---------- Given data ----------

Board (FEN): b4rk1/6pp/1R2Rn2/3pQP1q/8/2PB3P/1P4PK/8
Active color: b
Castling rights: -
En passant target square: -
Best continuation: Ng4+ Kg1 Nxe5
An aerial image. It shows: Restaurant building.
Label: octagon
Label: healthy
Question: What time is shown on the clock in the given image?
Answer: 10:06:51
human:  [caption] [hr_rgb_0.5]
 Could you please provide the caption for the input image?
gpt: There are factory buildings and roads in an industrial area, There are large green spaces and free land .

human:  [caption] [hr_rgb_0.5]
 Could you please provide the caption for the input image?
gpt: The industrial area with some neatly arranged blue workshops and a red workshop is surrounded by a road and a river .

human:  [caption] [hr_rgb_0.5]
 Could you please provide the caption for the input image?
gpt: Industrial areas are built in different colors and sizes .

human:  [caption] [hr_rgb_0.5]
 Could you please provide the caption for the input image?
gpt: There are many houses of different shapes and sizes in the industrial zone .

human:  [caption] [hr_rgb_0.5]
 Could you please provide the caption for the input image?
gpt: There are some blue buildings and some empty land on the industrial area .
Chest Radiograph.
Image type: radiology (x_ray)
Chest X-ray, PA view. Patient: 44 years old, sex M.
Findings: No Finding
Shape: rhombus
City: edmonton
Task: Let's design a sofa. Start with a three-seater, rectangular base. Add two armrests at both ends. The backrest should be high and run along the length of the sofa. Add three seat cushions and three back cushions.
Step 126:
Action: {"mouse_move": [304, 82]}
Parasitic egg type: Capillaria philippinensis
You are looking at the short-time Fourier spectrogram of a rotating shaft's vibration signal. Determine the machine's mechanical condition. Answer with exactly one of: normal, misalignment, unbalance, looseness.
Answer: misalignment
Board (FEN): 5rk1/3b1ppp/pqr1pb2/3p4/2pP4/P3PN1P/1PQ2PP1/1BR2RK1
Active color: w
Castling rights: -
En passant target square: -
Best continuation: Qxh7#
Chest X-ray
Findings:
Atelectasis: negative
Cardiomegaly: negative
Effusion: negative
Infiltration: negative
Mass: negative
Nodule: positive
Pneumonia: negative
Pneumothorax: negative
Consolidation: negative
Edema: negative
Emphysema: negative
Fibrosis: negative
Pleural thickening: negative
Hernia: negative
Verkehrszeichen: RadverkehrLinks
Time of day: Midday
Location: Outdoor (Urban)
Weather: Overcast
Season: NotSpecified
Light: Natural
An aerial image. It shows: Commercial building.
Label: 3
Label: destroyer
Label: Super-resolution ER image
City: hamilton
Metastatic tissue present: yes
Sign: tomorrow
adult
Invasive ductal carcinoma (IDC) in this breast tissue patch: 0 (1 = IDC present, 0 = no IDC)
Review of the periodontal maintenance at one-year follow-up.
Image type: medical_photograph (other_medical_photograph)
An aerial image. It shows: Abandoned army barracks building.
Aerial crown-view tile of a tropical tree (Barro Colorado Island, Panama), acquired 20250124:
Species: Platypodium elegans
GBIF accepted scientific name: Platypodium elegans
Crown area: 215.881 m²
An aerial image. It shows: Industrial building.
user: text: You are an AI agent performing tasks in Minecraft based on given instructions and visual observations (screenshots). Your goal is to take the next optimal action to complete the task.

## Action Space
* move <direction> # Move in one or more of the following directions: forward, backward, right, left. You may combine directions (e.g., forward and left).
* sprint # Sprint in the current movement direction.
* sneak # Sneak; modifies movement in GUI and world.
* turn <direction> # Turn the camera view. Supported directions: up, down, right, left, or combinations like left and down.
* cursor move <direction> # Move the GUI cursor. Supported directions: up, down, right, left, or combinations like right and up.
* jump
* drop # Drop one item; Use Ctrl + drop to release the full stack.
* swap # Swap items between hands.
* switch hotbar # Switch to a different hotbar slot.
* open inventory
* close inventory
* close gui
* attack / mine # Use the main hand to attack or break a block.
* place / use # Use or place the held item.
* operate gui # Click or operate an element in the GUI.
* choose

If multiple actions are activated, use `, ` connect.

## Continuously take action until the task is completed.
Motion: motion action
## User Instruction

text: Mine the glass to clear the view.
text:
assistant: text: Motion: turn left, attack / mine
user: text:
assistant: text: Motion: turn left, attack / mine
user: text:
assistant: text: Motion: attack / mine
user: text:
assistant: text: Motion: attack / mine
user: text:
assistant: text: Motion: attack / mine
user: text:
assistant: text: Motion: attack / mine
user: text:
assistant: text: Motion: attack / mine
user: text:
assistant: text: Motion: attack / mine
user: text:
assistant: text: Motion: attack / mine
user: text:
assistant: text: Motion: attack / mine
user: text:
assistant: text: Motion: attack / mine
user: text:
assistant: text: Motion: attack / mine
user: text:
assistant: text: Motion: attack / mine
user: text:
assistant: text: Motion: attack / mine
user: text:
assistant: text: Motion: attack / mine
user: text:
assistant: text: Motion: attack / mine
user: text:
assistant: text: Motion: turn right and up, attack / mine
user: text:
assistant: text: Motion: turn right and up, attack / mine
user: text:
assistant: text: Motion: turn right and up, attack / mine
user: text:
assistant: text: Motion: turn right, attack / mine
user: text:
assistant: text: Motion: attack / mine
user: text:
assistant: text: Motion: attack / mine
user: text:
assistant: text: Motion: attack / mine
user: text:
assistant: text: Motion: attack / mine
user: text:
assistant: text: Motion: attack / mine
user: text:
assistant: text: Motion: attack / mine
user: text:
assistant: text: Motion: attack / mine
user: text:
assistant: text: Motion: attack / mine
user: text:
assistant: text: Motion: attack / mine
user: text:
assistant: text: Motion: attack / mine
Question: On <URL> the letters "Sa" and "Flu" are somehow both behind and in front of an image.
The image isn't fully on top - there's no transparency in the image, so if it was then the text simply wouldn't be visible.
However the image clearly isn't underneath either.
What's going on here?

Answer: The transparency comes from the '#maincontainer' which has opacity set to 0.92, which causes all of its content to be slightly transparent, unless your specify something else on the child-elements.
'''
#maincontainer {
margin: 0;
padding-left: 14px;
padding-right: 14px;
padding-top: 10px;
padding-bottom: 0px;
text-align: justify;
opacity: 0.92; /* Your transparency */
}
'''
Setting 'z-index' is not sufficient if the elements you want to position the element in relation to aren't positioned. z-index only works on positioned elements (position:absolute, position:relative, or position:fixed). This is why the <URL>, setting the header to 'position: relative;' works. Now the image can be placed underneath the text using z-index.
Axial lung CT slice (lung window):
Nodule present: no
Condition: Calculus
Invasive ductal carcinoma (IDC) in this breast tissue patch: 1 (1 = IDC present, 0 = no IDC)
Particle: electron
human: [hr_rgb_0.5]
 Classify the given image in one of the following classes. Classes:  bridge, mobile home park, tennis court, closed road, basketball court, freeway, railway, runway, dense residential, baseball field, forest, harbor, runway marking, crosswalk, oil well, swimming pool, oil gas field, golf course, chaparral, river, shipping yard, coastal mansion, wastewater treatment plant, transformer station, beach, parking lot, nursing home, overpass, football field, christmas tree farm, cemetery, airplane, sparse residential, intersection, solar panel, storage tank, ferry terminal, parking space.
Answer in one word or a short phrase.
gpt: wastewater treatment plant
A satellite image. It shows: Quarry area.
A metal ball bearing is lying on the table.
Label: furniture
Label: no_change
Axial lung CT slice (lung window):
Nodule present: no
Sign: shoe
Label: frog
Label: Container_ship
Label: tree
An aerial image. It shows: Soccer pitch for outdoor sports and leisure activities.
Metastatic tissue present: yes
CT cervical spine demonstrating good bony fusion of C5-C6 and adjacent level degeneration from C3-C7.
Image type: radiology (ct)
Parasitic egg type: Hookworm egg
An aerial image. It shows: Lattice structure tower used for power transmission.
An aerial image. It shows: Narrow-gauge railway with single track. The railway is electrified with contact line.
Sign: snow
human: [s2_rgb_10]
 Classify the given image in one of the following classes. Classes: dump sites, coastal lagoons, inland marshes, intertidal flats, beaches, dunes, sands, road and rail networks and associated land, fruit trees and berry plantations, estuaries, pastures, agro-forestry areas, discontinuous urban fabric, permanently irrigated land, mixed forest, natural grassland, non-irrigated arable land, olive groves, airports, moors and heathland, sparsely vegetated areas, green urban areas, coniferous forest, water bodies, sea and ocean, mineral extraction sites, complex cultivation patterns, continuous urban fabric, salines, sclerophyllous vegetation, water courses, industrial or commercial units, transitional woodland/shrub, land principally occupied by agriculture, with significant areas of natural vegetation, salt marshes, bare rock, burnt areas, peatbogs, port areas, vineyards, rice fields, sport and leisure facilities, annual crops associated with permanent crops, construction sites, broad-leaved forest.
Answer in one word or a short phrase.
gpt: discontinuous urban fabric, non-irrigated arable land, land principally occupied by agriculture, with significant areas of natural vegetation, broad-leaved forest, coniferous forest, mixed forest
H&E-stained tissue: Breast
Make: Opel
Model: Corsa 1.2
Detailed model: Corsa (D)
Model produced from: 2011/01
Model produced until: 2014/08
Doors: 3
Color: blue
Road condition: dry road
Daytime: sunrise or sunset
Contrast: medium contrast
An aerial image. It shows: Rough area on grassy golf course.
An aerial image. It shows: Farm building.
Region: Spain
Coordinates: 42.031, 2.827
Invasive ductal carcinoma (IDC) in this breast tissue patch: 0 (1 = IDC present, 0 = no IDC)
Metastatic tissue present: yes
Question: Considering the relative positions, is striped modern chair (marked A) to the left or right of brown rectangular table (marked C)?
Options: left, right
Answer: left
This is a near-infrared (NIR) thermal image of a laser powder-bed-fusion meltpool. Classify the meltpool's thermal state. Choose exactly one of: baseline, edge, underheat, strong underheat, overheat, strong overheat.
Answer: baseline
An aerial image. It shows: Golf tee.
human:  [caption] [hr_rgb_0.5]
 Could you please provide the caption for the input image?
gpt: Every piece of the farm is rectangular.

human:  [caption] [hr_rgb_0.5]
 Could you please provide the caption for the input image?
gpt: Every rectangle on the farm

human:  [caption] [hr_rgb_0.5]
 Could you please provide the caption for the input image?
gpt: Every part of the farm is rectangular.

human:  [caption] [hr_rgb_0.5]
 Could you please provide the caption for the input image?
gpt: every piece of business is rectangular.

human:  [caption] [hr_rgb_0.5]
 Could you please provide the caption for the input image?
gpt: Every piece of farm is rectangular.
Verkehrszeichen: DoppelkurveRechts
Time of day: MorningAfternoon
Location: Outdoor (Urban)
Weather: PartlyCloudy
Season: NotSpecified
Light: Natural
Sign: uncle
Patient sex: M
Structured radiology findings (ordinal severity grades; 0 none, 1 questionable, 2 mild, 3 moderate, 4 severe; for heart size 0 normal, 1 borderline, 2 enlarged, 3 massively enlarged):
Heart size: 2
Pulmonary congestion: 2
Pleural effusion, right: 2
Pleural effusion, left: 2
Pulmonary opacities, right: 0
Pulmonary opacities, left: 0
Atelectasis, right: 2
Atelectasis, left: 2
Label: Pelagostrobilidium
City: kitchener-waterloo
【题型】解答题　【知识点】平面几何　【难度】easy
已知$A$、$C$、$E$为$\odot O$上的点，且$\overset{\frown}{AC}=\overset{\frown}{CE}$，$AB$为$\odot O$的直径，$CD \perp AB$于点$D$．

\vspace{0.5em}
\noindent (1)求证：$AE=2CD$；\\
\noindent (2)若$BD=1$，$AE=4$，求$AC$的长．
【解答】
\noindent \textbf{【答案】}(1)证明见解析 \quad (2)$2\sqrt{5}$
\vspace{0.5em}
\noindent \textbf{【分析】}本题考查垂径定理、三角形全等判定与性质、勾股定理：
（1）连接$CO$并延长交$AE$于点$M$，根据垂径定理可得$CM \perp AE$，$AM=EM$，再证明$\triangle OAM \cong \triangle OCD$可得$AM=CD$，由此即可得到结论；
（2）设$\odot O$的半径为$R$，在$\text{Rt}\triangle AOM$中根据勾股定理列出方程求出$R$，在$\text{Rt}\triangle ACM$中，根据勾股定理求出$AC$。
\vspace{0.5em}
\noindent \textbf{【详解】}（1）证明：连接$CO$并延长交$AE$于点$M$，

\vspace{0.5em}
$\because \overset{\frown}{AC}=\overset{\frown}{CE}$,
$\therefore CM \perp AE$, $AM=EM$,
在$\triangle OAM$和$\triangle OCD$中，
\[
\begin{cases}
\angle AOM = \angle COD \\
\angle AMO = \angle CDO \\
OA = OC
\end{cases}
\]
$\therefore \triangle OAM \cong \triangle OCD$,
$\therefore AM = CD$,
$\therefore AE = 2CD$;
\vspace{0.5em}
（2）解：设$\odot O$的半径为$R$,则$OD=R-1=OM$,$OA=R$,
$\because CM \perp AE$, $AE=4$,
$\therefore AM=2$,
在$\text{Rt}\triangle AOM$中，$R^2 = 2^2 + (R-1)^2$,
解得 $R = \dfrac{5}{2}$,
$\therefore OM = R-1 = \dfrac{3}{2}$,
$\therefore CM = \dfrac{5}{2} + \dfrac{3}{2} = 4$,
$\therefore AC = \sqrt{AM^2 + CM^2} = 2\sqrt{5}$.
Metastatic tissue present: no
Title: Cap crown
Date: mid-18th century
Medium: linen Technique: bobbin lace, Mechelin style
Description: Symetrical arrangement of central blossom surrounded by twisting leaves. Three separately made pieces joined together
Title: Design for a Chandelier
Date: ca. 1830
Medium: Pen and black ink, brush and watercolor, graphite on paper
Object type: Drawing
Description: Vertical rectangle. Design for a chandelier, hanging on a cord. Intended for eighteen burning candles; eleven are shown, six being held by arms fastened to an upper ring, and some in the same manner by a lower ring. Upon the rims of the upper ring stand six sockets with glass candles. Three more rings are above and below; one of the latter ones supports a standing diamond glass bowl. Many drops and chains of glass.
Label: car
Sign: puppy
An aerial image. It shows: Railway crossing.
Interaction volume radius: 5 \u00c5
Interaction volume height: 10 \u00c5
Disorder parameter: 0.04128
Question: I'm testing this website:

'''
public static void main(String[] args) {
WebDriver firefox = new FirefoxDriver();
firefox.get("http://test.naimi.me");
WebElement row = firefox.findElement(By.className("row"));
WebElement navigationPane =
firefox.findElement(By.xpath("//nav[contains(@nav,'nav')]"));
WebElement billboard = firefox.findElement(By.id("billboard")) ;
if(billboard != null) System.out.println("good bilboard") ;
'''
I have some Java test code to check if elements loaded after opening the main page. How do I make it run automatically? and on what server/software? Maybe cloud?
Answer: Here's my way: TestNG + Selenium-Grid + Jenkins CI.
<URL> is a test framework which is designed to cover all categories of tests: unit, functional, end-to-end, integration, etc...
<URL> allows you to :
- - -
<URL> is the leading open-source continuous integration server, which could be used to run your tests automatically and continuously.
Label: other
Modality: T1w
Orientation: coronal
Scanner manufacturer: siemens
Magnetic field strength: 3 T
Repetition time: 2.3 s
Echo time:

----------

Your answer should be the number of lines in the records that contain the word "coniferous", with nothing added.

2